酷評しているレビュワーのペンネームが『自来也』と『エバンジェリストZORO』なのです。おふたりとも、KDP本のカスタマーレビュー欄ではおなじみの顔であり、セルフパブリッシング作家たちのあいだでも有名です。自来ZORO運動。

自作の電子書籍を酷評された月狂さんは、腹いせにブログ記事で反論を試みます。

オネエKDP作家毒牙夜蝶氏インタビュー
オネエKDP作家毒牙夜蝶氏インタビューその2

そして、これだけでは収まらなかったのか、あるいは興が乗ってしまったのか━━『毒牙夜蝶』名義を使って、ブラックユーモアをうまく寓意でコーティングしたAmazonカスタマーレビュワー批判小説を書いて個人出版した、というわけです。

本書『泡姫ありえない』に登場する村八分カルテットという4人組にも実在のモデルが存在します。

村八分カルテットの通称の由来は、この有力者にたてつくと、露骨に業界で干されてしまうという点に由来する。まだ始まって間もない電子書籍の世界で、このメンバーから協力を得られないということは、無名作家のキャリアをひた走ることを意味する。

どう見ても『XXXXXXXXxX』なわけですが、月狂さんは以前に『XXXXXXXXxX』と揉め事を起こしており、その時の悔しかった体験や、その後にも起きたKDP界隈のトラブルを参考にして、人物造型をおこなっているようです。(雨降って地固まる。いまの2人の間に確執はありません。表面上は仲良くやっています)

電子書籍レビュワー森さん(地雷ZERO運動)は、エバンジェリストZOROであり自来也であり月狂四郎であり、いまだ成果を出していない作家志望たちであり、2ちゃんねるの創作文芸板に入り浸っている連中であり、自己顕示欲を満たしたいがために無責任なレビューをネット上に投稿する匿名の読者もどきたちであり、すなわち、わたしであり、あなたです。

ほかにも混ざっています。辛口レビュワーのmizukiさん某事変をはじめとした、いろんな事件や人物が。

本書『泡姫ありえない』は、無駄にハイコンテクストな小説であり、おそらく、KDPを利用している人たちですら、全ての元ネタを把握しきれないと思います。

問題児が書いた問題作


腹いせで書いた小説━━と申し上げましたが、怒りに任せて書いたとは思えないほど、小説としての体をなしています。けっして恨み言を優先することなく、読者を喜ばせることを忘れていません。

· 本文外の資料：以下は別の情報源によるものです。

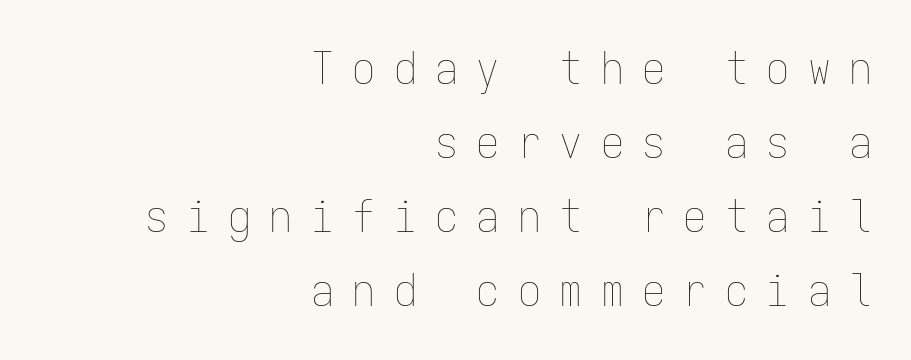
The image shows 46 px thin, condensed type, upright, monospaced; set right-aligned, normal line spacing (1.61x), unusually wide letter spacing (+0.4 em), not underlined; low stroke contrast and a medium x-height.
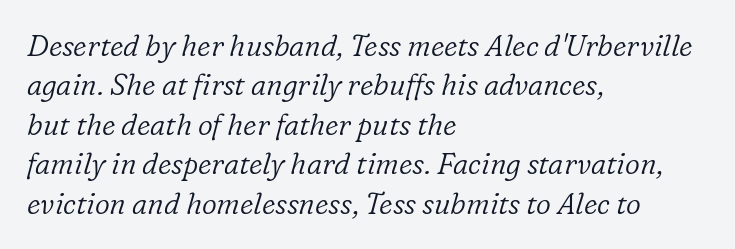
The strip under each line holds only bare page. Does extra space separate the letters? No, they use regular spacing. Stroke thickness stays within the range of a standard reading face or lighter. Varying glyph widths throughout — classic text-font behaviour. The compositor pushed each line to the left boundary. The vertical gap from one line to the next is medium.
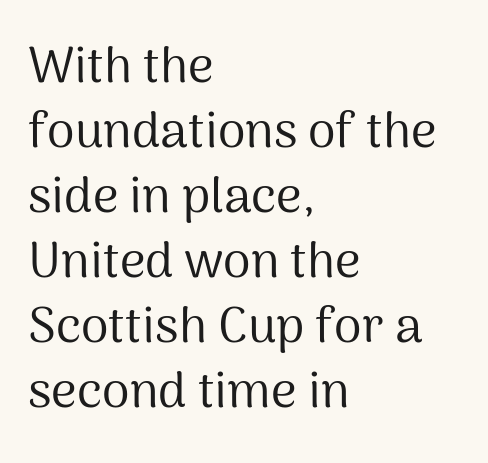
The image shows 50 px regular-weight sans-serif type, upright; set left-aligned, normal line spacing (1.3x), normal letter spacing, not underlined; medium stroke contrast and a medium x-height.
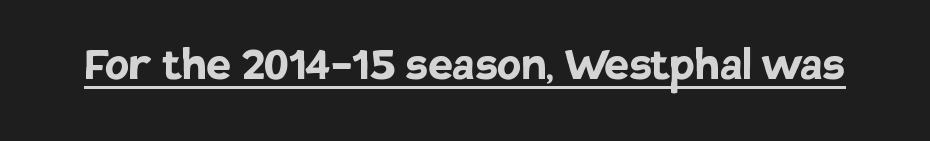
No feet cap the strokes, marking this as sans-serif type. The typesetter has applied underlining to the passage shown. I'd describe the lettering as bold — thick and assertive. Words appear dense and cohesive because spacing is normal. A typesetter would mark this as roman, not italic.
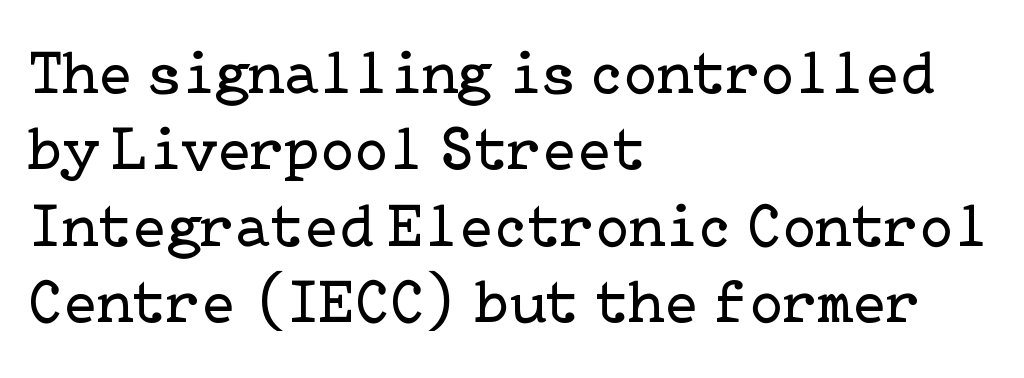
The glyphs in this specimen are seriffed. Italic: no, the glyphs are upright roman. A clean baseline with only descenders dipping below it. Each stroke keeps to a modest, everyday thickness or less.
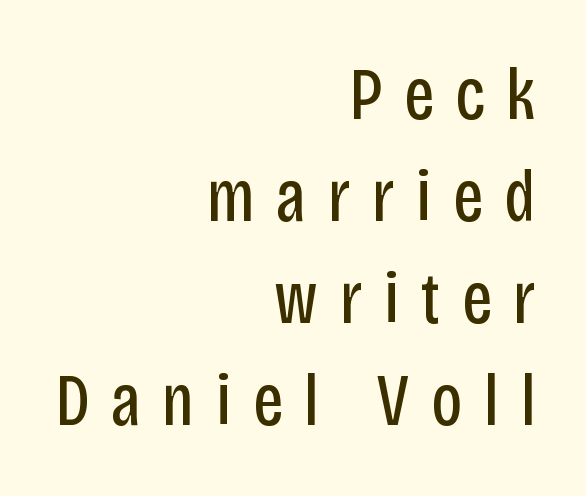
{"serif": "no", "italic": "no", "bold": "no", "weight": "regular", "width": "condensed", "stroke_contrast": "low", "x_height": "large", "monospaced": "no", "underline": "no", "align": "right", "line_spacing": "normal", "line_spacing_ratio": 1.38, "letter_spacing": "wide", "letter_spacing_em": 0.29, "glyph_px": 74}
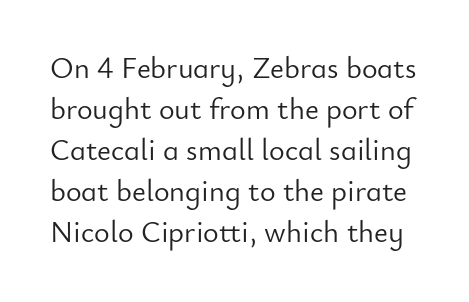
The passage shown is typed in a proportional face where columns would drift. The passage shown is typeset with a sans-serif family. Glance below the letters and you will spot only blank space. If you drew a line through each stem, it would be perfectly vertical. The passage shown has conventional tracking throughout. No chunkiness to these letters — they're not bold.
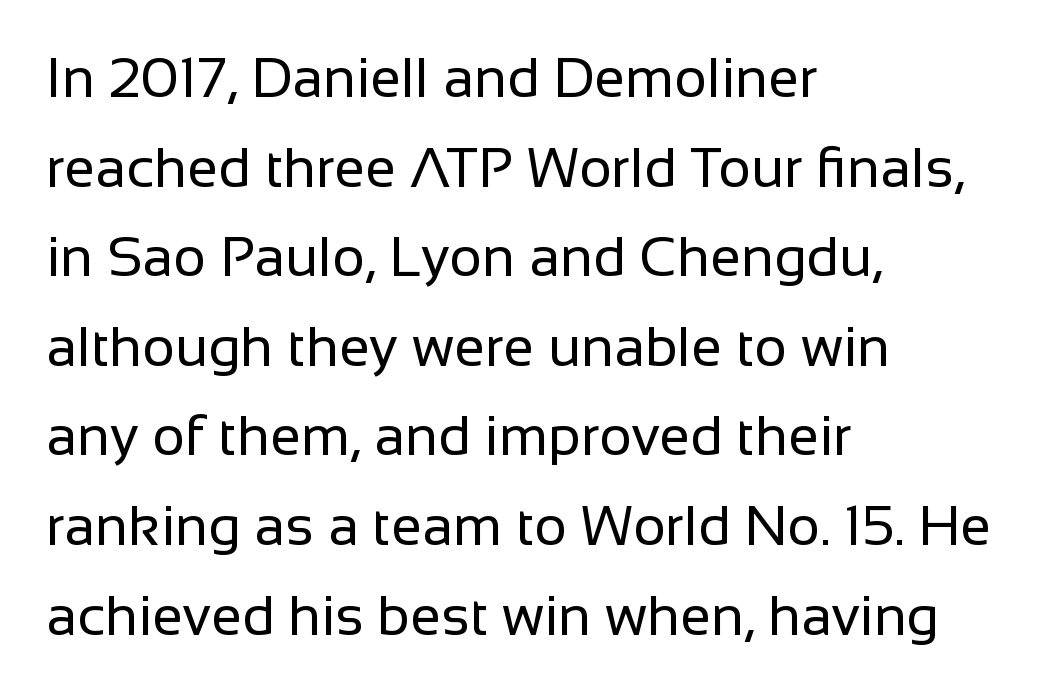
The gaps between neighbouring characters are ordinary and unremarkable. Just letters on the line, the space beneath them empty. Varying glyph widths throughout — classic text-font behaviour. The face looks like a standard text weight, possibly lighter. These lines are set flush left with a ragged right edge.
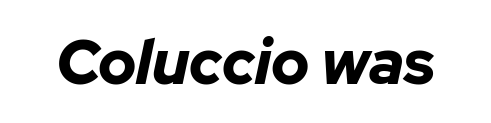
Heavy-handed strokes throughout: this text is bold. If you drew a line through each stem, it would be angled. Words float on clear page, feet unadorned. The rendering keeps characters at their native spacing.
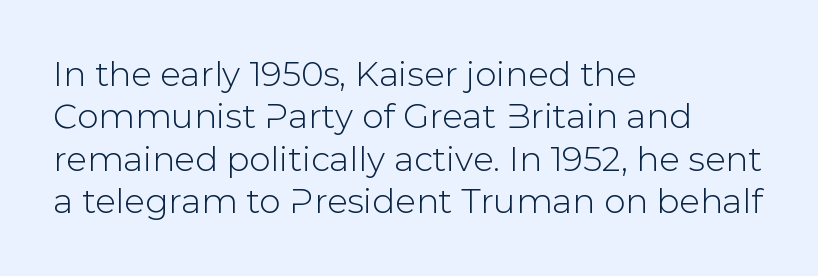
{"serif": "no", "italic": "no", "width": "normal", "stroke_contrast": "low", "x_height": "medium", "monospaced": "no", "underline": "no", "align": "left", "line_spacing": "normal", "line_spacing_ratio": 1.25, "letter_spacing": "normal", "letter_spacing_em": 0.0, "glyph_px": 34}

面白かったです。

Amazonのカスタマーレビューに激高したのち、ブログでジョークをまじえた反論記事を書き、閃いたアイデアをもとにフィクションを執筆して、表紙用のイラストを自分で描いて、電子書籍ストアで販売開始。

このようなフットワークの軽さとバイタリティの持ち主であれば、傑作を生み出す日はそう遠くないかもしれません。心待ちにしています。

Kindleストアでサンプルが無料で読めます。お試しください。(スマートフォン、タブレットでもOK)

  • 泡姫ありえない
  • 著者:毒牙夜蝶
  • 価格:250円
  • 読了にかかる時間:約1時間(個人差があります)

「実話に基づいた物語」度
★★★★☆(4)
「エンタメ」度
★★★★☆(4)
「満足」度
★★★★★(5)
「総合」
★★★★☆(4)


著者について


毒牙夜蝶 (著)さん。『どくが・やちょう』と読みます。作家。元デリバリーヘルス嬢。